💥 GPT Excitement and AI Costs

data-meets-product
Author

Elias Nema

Published

July 20, 2020

A Week of GPT-3, Obviously

There were so many tweets, articles and general excitement that it became too much even for Sam Altman himself:

I’m, of course, impressed too. In fact, it was able to produce my most liked tweet 😞 (and same happened to some better-known folks):

There are many great articles covering GPT-3 and its meaning for the future of humanity. You can easily find them, but probably don’t need to, because they pop up everywhere.

Hype aside, it’s a huge model and probably costs a fortune, but the whole product part is done in a very lean way. It’s at the market validation phase, which it has nailed perfectly.

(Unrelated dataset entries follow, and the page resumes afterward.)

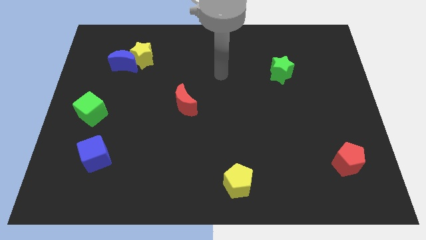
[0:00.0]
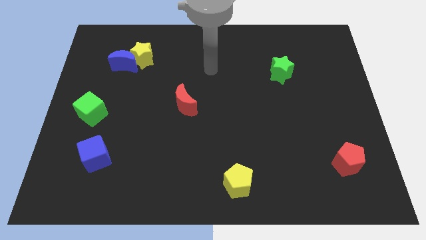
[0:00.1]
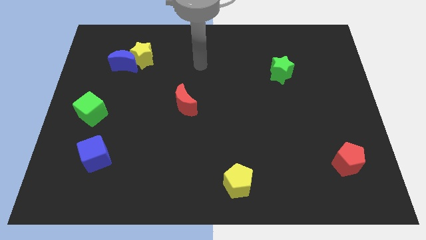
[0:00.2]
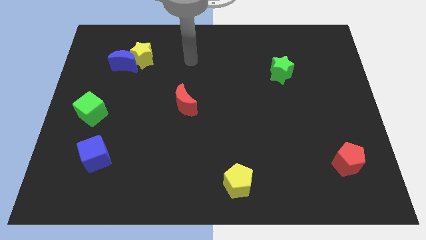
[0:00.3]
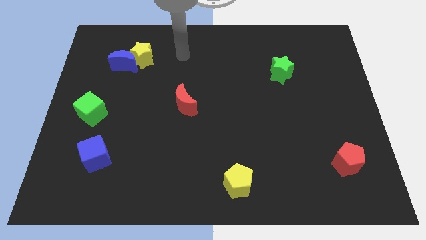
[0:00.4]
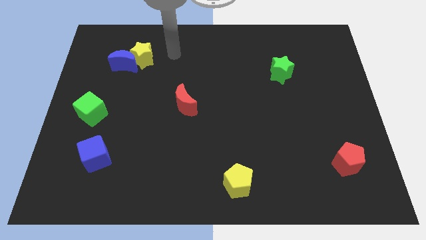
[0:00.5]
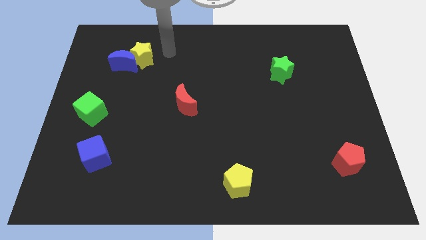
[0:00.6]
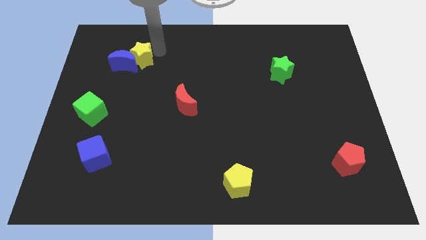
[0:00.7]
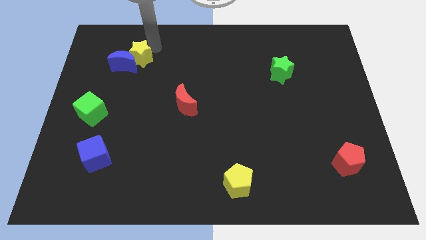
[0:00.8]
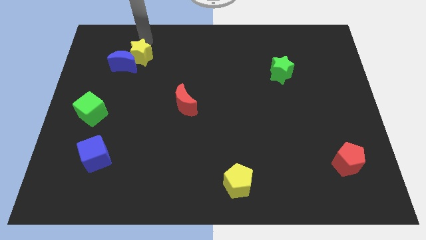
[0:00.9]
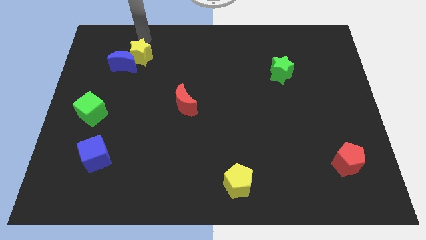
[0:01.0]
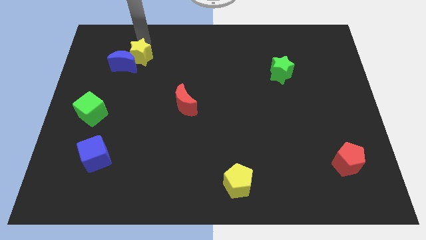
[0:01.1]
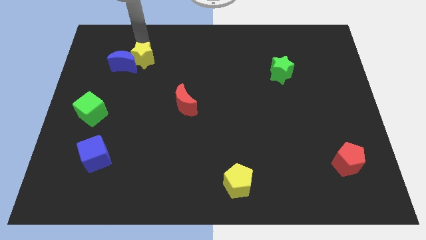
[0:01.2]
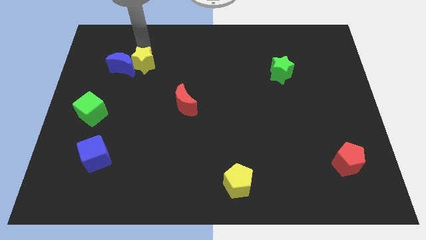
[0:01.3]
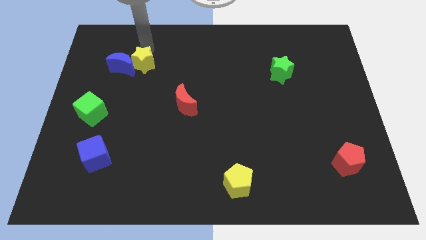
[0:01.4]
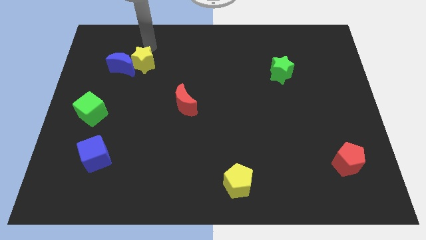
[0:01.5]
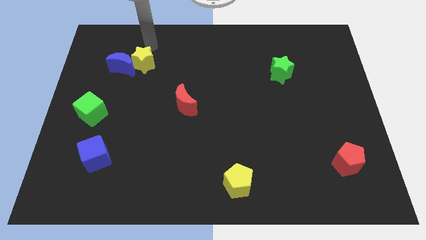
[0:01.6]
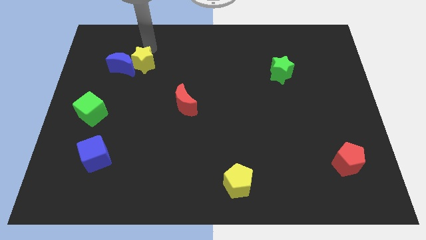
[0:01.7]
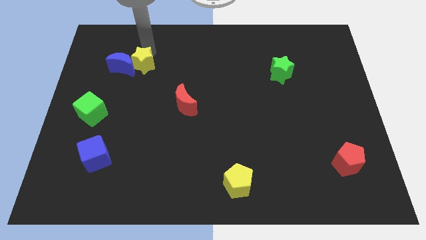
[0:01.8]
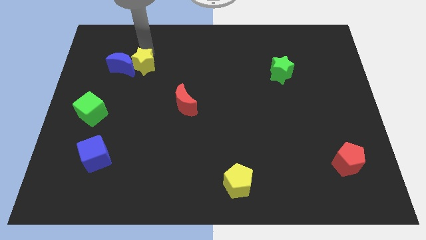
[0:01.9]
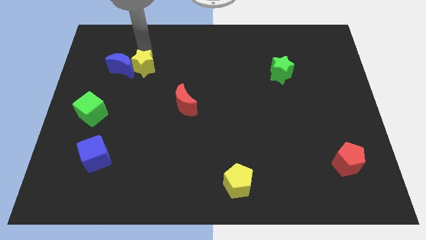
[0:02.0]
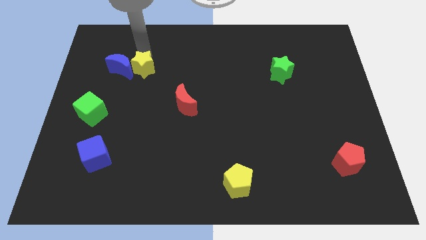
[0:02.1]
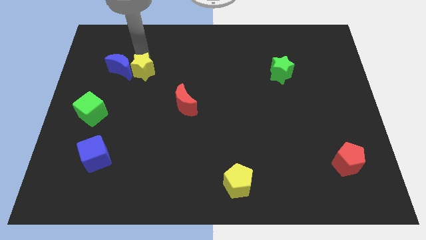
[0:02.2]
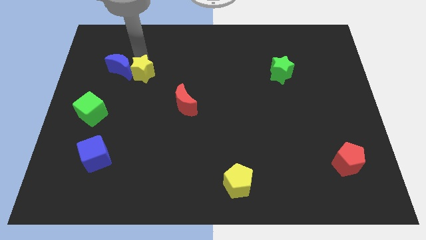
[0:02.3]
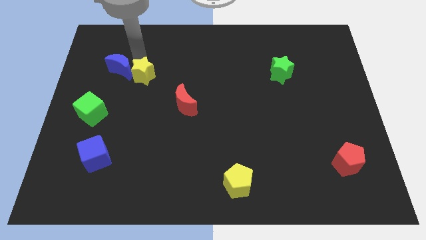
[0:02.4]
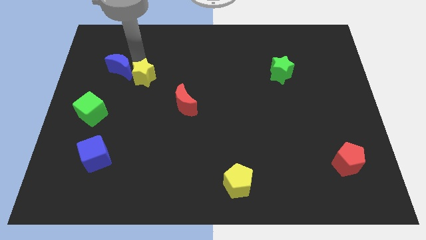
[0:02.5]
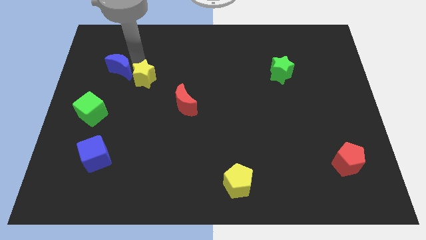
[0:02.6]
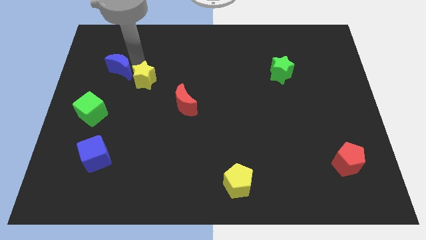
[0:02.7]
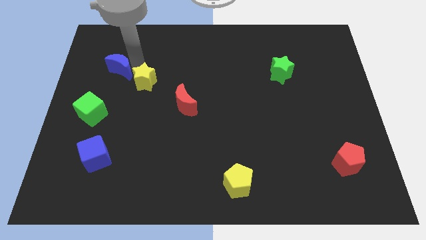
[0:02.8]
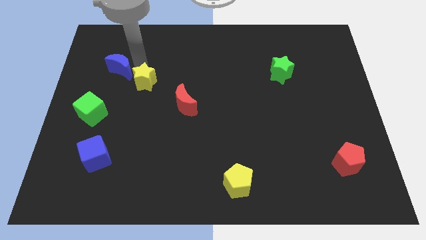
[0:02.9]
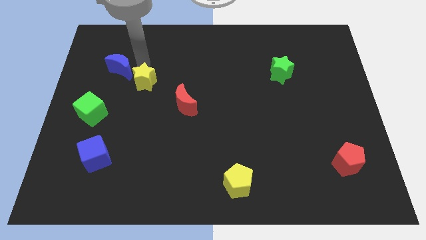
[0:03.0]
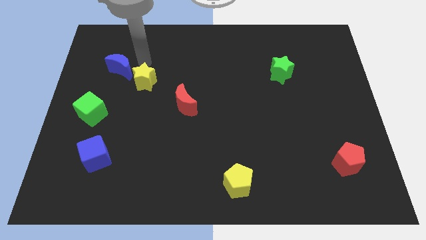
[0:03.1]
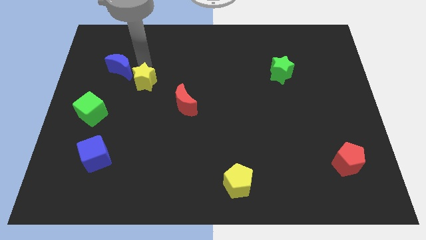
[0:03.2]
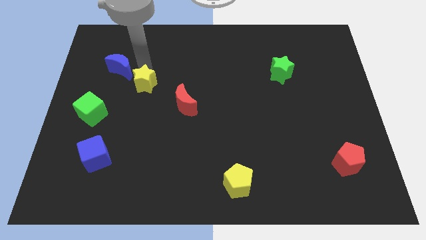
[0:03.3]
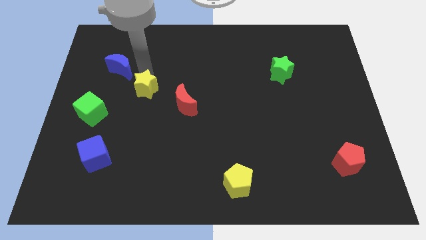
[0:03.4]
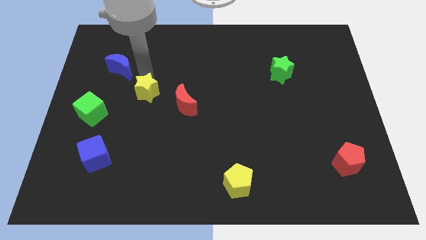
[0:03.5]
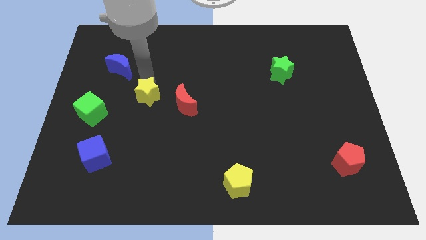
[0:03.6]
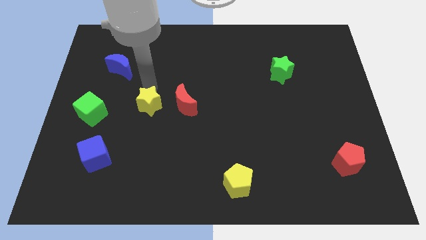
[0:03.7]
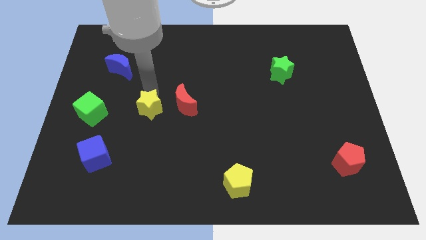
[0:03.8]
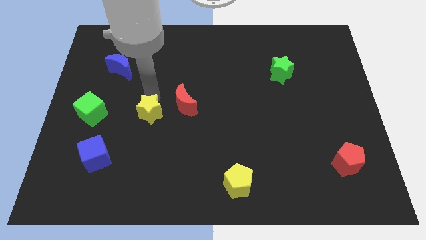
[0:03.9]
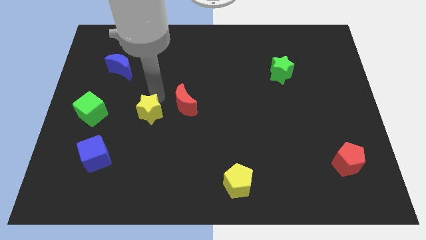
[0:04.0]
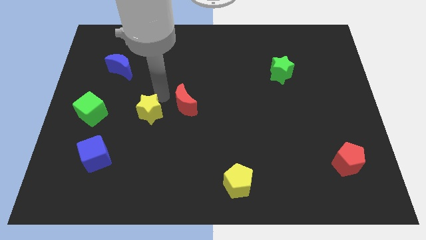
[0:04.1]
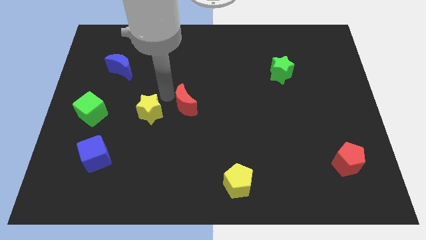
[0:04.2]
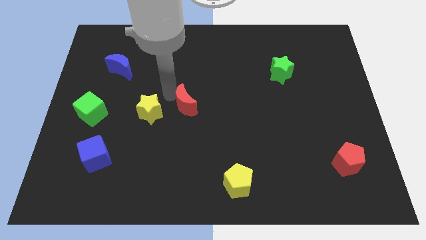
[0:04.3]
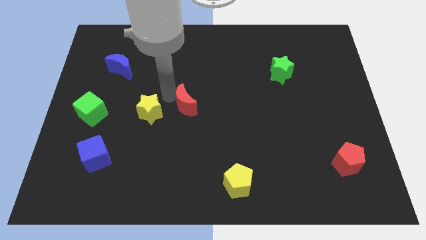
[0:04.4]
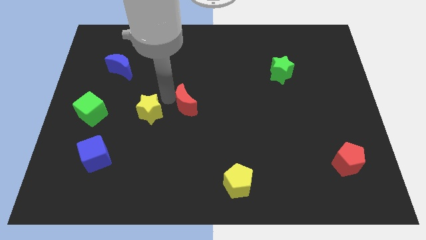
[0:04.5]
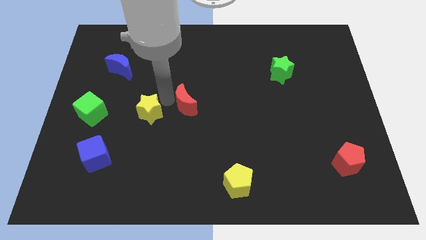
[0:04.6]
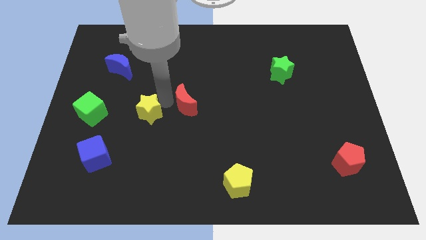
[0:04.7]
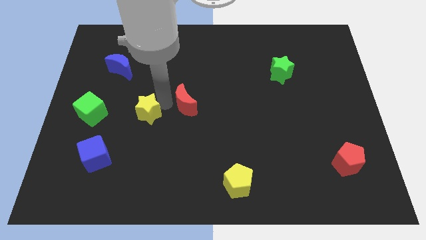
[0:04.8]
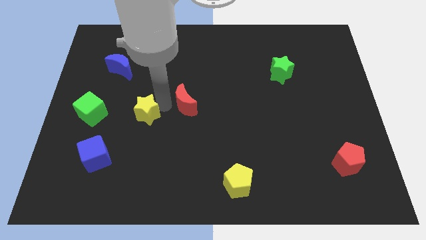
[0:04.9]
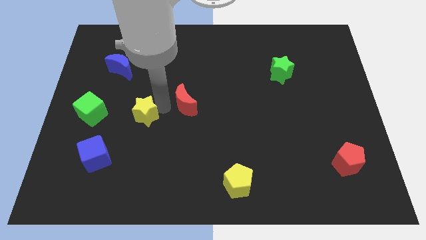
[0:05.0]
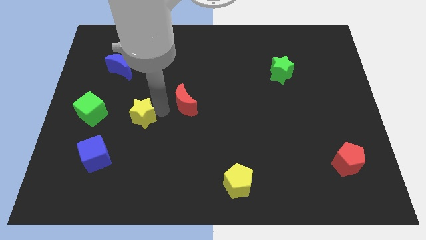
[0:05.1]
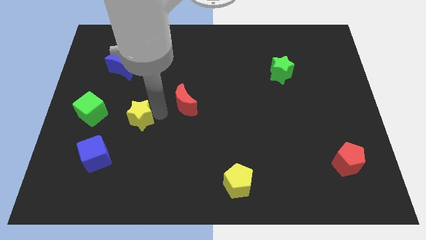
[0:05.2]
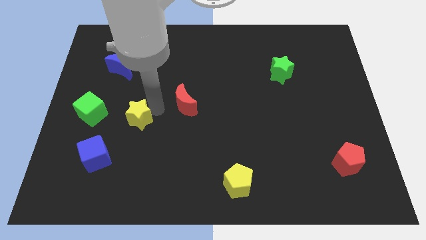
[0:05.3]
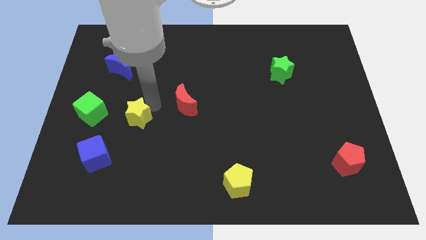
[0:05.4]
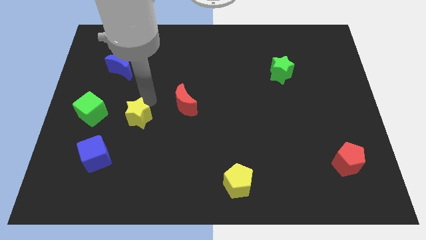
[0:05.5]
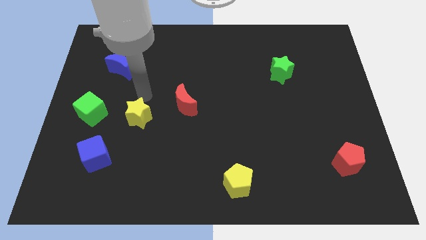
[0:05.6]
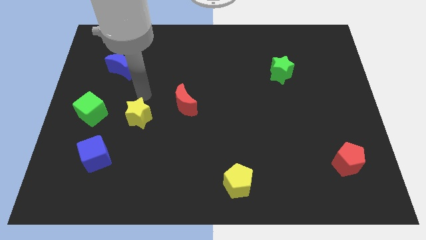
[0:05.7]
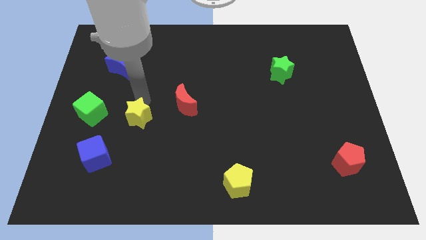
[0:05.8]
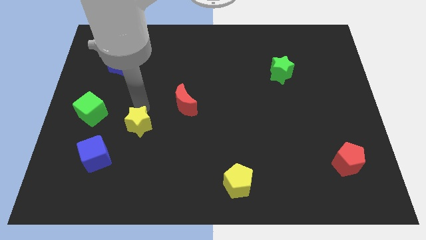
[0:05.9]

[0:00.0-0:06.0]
move the yellow star down

Probably, the next step would be to optimize costs and make the economics right for the rest of the internet. Which brings us to the topic of costs, which becomes as relevant as never for the AI/ML community.

💰Costs in AI

  • A very interesting conversation on last week’s TWIML AI podcast about model design optimization for hardware.
  • Another article suggests that despite shaving off 3/4 of errors in logistic optimization prediction with the help of deep learning, a European retailer chose not to use the model because of costs.

Until very recently, DL has been driven by the research in big companies. This means almost unlimited resources. It’s great to validate and/or win the market. But with time, you need to get the unit economics right. For training and serving and smaller devices (a smartphone in 2017 was able to run AlexNet only for 1 hour).

Basically there are multiple directions in ML optimizations:

  • Incorporating power/energy/latency constraints into network architectures search. This “can bring 5‐10x improvement in energy or latency with minimal loss in accuracy or can satisfy real-time constraints for inference”. Basically, by thinking about hardware constraints in advance you can get to almost the same accuracy while saving in the order of magnitudes. An amazing trade-off for most of the businesses.
  • Quantizing neural networks. The idea here is to round model weights to the nearest power of 2, hence allowing using shift and add operations to replace the multiplications. This improves speed and lowers energy consumption. A very smart approach and again, a well-worse trade-off.
  • Energy-aware pruning of NNs: Often both accuracy and latency are important to the application. This work allows you to quickly iterate over accuracy-vs.-speed trade-off for finding a sweet-spot for a particular application using model compression.
  • Discretizing vectors over a d-dimensional sphere: A super-smart approach where instead of adapting an index to the data, the data is adopted to the index itself. “We learn a neural network that aims at preserving the neighborhood structure in the input space while best covering the output space (uniformly)”.

to uniform

These are just the directions I’ve seen recently. But the topic is becoming more and more important. If AI aims to turn into a new cloud, the industry needs to figure out the ways to scale the “state-of-the-art“ to the rest of the internet. And it looks like we are finally getting there.